If an on-call provider decides that wait-and-see is a safe strategy, the provider needs to tell the patient or the nurse the changes or lack of improvement that would indicate that a call-back is necessary, or the circumstances under which the patient should go to the ED. For example: "If, in 2 hours, you haven't stopped vomiting and can't hold down half a cup of water, call me back." And then the provider needs to be available and do something when the patient calls.

Reducing Risk for Liability When Taking Call

There are several ways that healthcare providers can reduce their liability risk when taking call:

  1. Take time to adequately assess the severity of the symptoms.
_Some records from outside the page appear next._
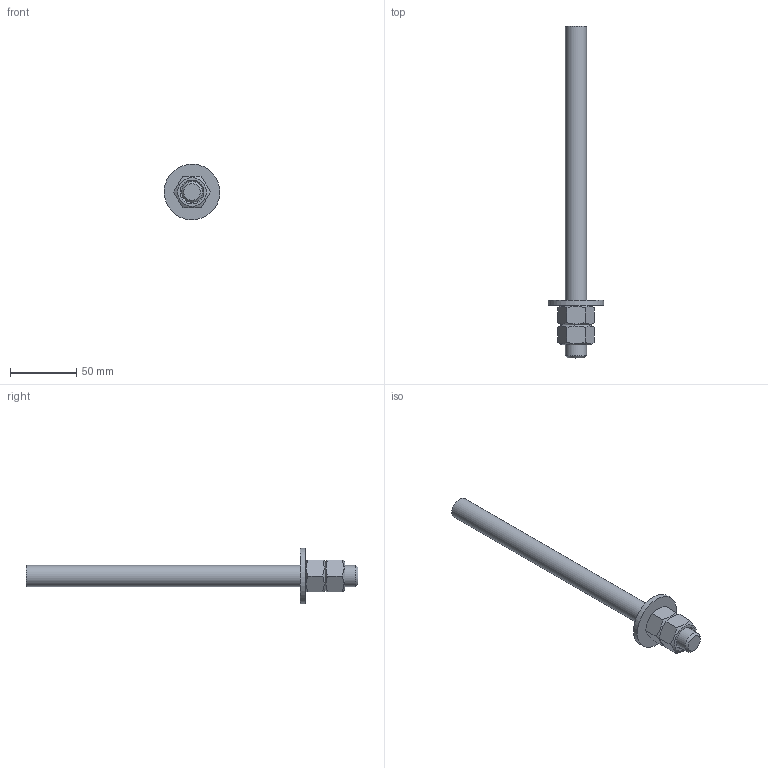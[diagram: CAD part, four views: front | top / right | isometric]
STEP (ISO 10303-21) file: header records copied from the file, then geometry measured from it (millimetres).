
FILE_DESCRIPTION(('STEP AP214'), '1');
FILE_NAME('櫻蠉錪', '', ('UNSPECIFIED'), ('UNSPECIFIED'), 'C3D Converter', 'C3D Toolkit', '');
FILE_SCHEMA(('AUTOMOTIVE_DESIGN { 1 0 10303 214 3 1 1}'));
Length unit declared in the file: millimetre
Assembly tree (5 placements, depth 3):
  (unnamed)
    (unnamed)
      (unnamed)
      (unnamed)
      (unnamed)  x2
Bounding box: 41.98 x 250 x 41.98 mm (x, y, z)
Volume: 64352.8 mm3; surface area: 20662.7 mm2
Topology: 4 solids, 4 shells, 34 faces, 69 edges, 43 vertices
Faces by surface type: plane 20, cone 9, cylinder 5
Full cylindrical faces by diameter (mm): 14 x2, 16 x1, 17 x1, 42 x1
Entity records: 1459 total; most frequent: CARTESIAN_POINT 627, DIRECTION 86, ORIENTED_EDGE 62, AXIS2_PLACEMENT_3D 40, EDGE_LOOP 34, EDGE_CURVE 31, VERTEX_POINT 25, COLOUR_RGB 24
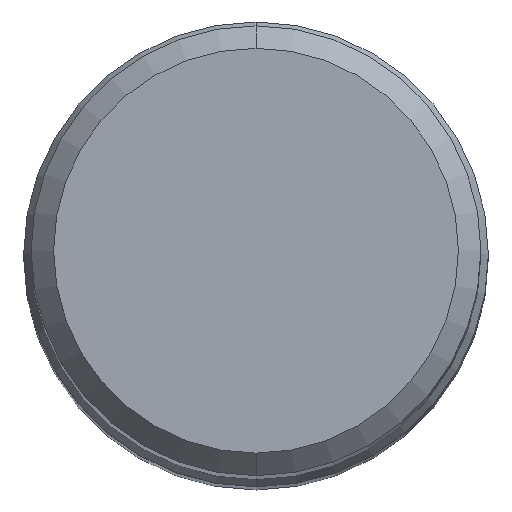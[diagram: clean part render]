
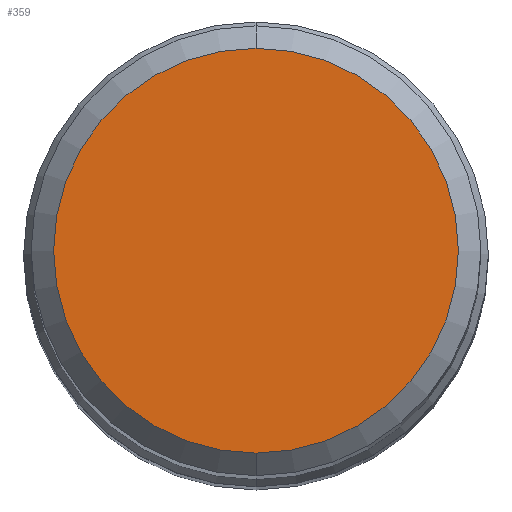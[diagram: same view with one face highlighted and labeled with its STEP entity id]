
A CAD part, top view. The second image highlights one B-rep face of the part: STEP entity #359.
In plain terms, the highlighted planar face has unit normal (0, 0, 1).
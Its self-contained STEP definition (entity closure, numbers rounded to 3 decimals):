
#207=VERTEX_POINT('',#504);
#237=EDGE_CURVE('',#207,#401,#538,.T.);
#247=EDGE_CURVE('',#401,#207,#548,.T.);
#359=ADVANCED_FACE('',(#670),#671,.T.);
#401=VERTEX_POINT('',#716);
#504=CARTESIAN_POINT('',(0.0,5.4,54.654));
#538=CIRCLE('',#897,5.4);
#548=CIRCLE('',#910,5.4);
#670=FACE_OUTER_BOUND('',#1238,.T.);
#671=PLANE('',#1239);
#716=CARTESIAN_POINT('',(0.,-5.4,54.654));
#897=AXIS2_PLACEMENT_3D('',#1518,#1519,#1520);
#910=AXIS2_PLACEMENT_3D('',#1522,#1523,#1524);
#1238=EDGE_LOOP('',(#1658,#1659));
#1239=AXIS2_PLACEMENT_3D('',#1660,#1661,#1662);
#1518=CARTESIAN_POINT('',(0.0,0.0,54.654));
#1519=DIRECTION('',(0.0,0.0,-1.0));
#1520=DIRECTION('',(0.0,1.0,0.0));
#1522=CARTESIAN_POINT('',(0.0,0.0,54.654));
#1523=DIRECTION('',(0.0,0.0,-1.0));
#1524=DIRECTION('',(0.0,1.0,0.0));
#1658=ORIENTED_EDGE('',*,*,#237,.F.);
#1659=ORIENTED_EDGE('',*,*,#247,.F.);
#1660=CARTESIAN_POINT('',(0.0,2.7,54.654));
#1661=DIRECTION('',(0.0,0.0,1.0));
#1662=DIRECTION('',(0.0,-1.0,0.0));

An on-call physician needs to screen the patient, by phone, sufficiently to make a rational determination whether the caller needs to meet the provider at the office right away or call an ambulance, whether a phoned-in prescription will resolve the problem, or whether wait-and-see is a reasonable disposition.

  2. Communicate with the patient or parent, saying what they need to do now and if things do not improve, the time frame for expecting improvement, and the consequences of doing nothing.

  3. Document the conversation.

  4. Have a system for getting notes about what the on-call provider did into the patient's medical record at the office or facility.

  5. Consider following up with the patient's primary provider to see whether the problem has resolved or, if not, whether and how the problem is being addressed.